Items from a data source
◆ ◆ ◆ ◆ ◆ ◆ ◆
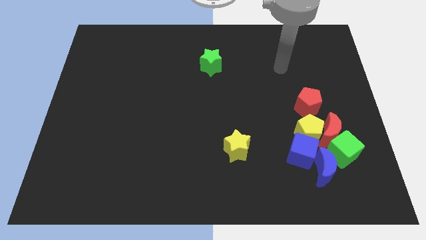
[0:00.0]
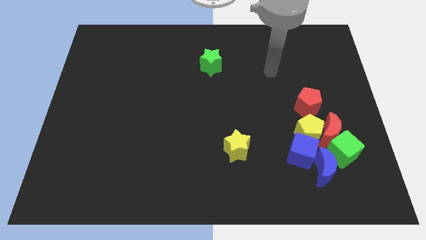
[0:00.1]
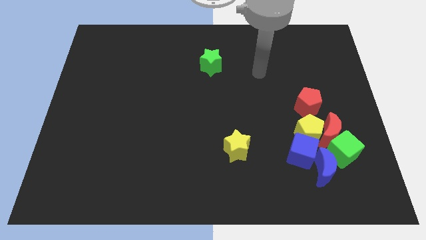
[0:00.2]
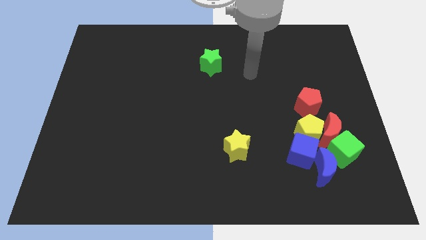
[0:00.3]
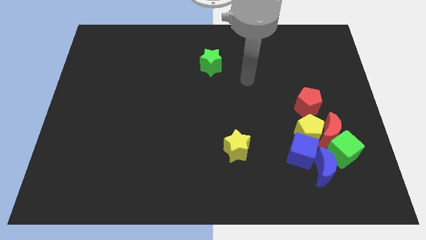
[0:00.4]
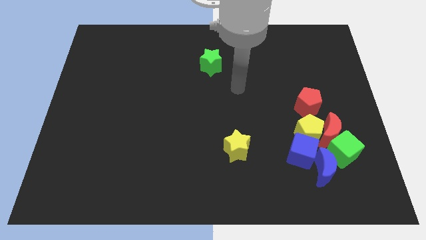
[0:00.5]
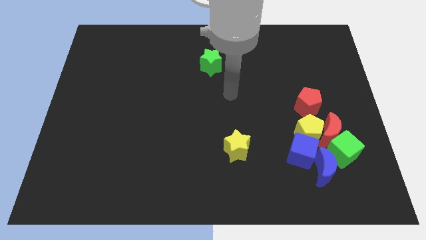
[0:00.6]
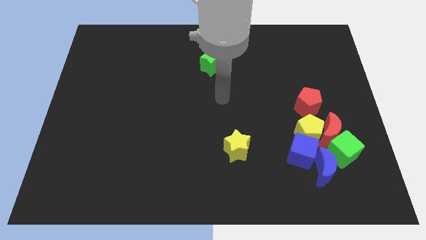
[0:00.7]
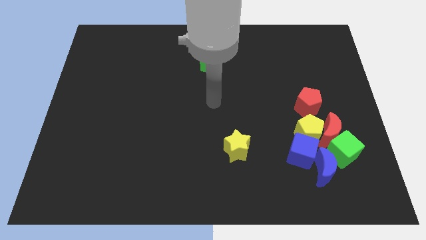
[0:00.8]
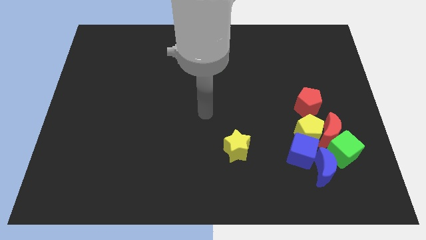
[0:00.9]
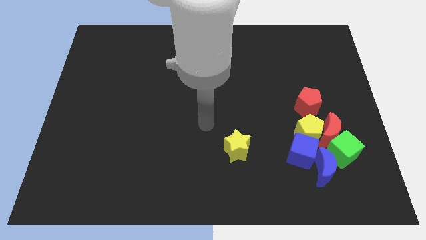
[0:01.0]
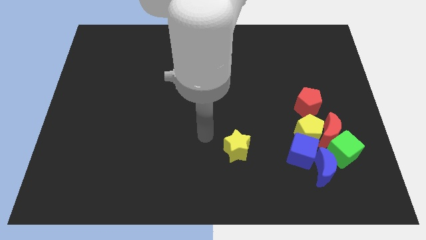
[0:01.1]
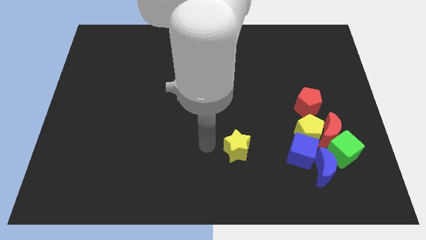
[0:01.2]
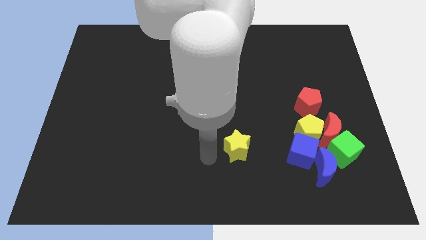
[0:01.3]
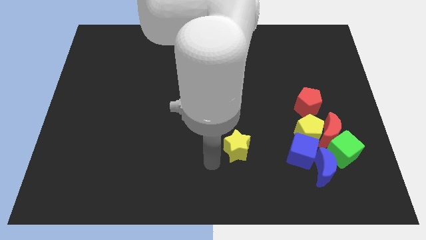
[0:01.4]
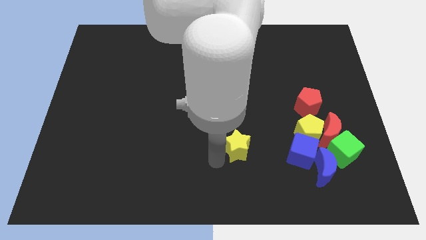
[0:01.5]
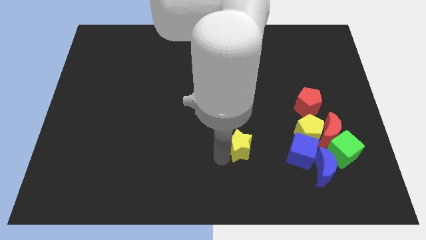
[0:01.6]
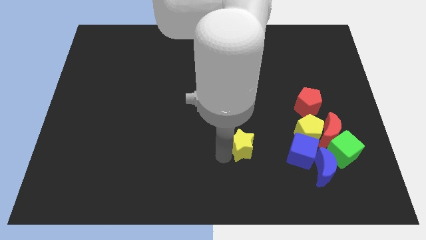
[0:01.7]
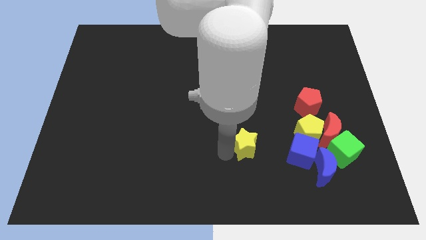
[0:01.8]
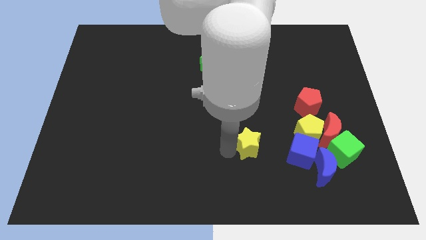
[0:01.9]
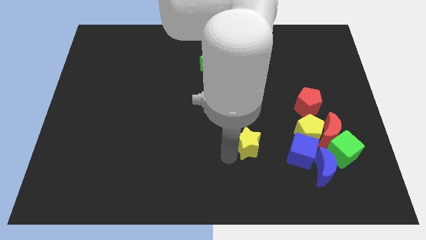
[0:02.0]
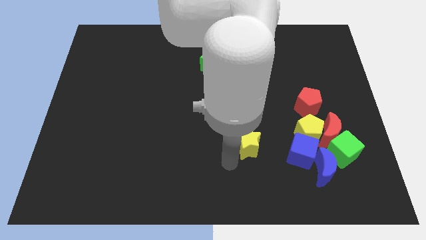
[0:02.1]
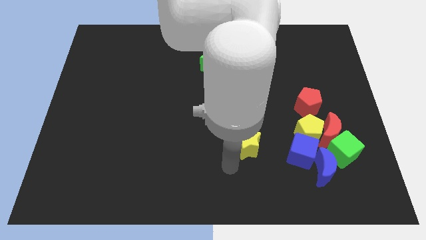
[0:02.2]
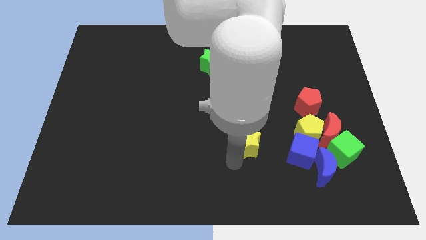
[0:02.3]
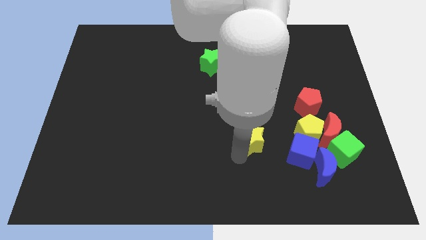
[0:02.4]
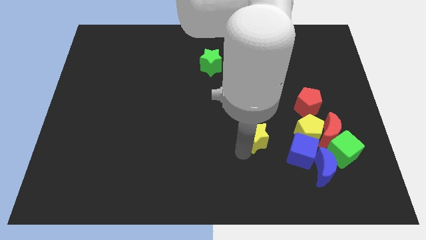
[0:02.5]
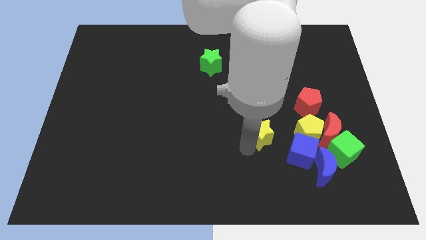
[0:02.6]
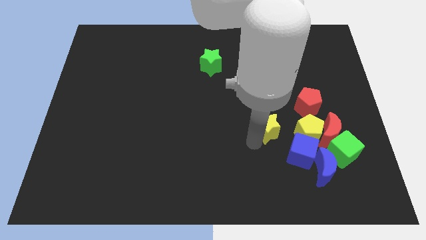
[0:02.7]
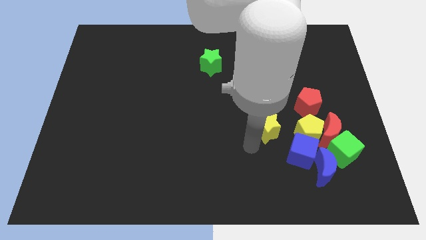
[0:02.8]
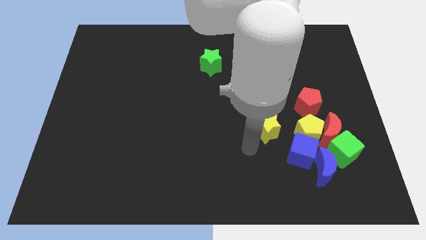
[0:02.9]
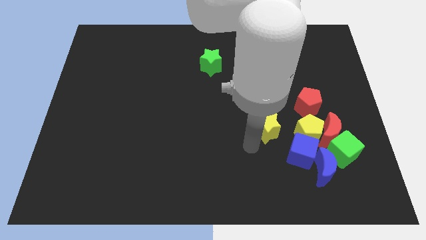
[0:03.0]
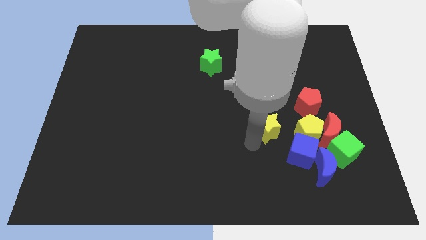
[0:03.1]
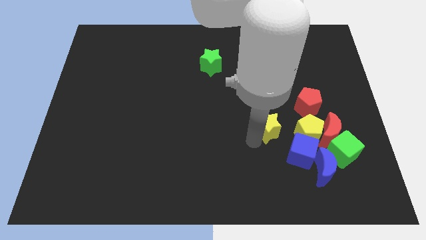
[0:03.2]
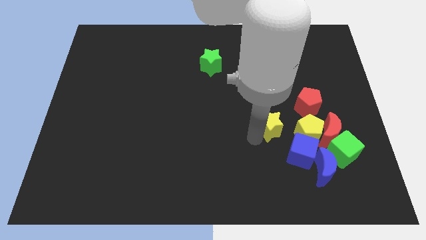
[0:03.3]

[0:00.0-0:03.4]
put the yellow star diagonally up and to the left of the yellow pentagon
◆ ◆ ◆ ◆ ◆ ◆ ◆
Return every line above verbatim, pictures excluded.

[0:00.0]
[0:00.1]
[0:00.2]
[0:00.3]
[0:00.4]
[0:00.5]
[0:00.6]
[0:00.7]
[0:00.8]
[0:00.9]
[0:01.0]
[0:01.1]
[0:01.2]
[0:01.3]
[0:01.4]
[0:01.5]
[0:01.6]
[0:01.7]
[0:01.8]
[0:01.9]
[0:02.0]
[0:02.1]
[0:02.2]
[0:02.3]
[0:02.4]
[0:02.5]
[0:02.6]
[0:02.7]
[0:02.8]
[0:02.9]
[0:03.0]
[0:03.1]
[0:03.2]
[0:03.3]

[0:00.0-0:03.4]
put the yellow star diagonally up and to the left of the yellow pentagon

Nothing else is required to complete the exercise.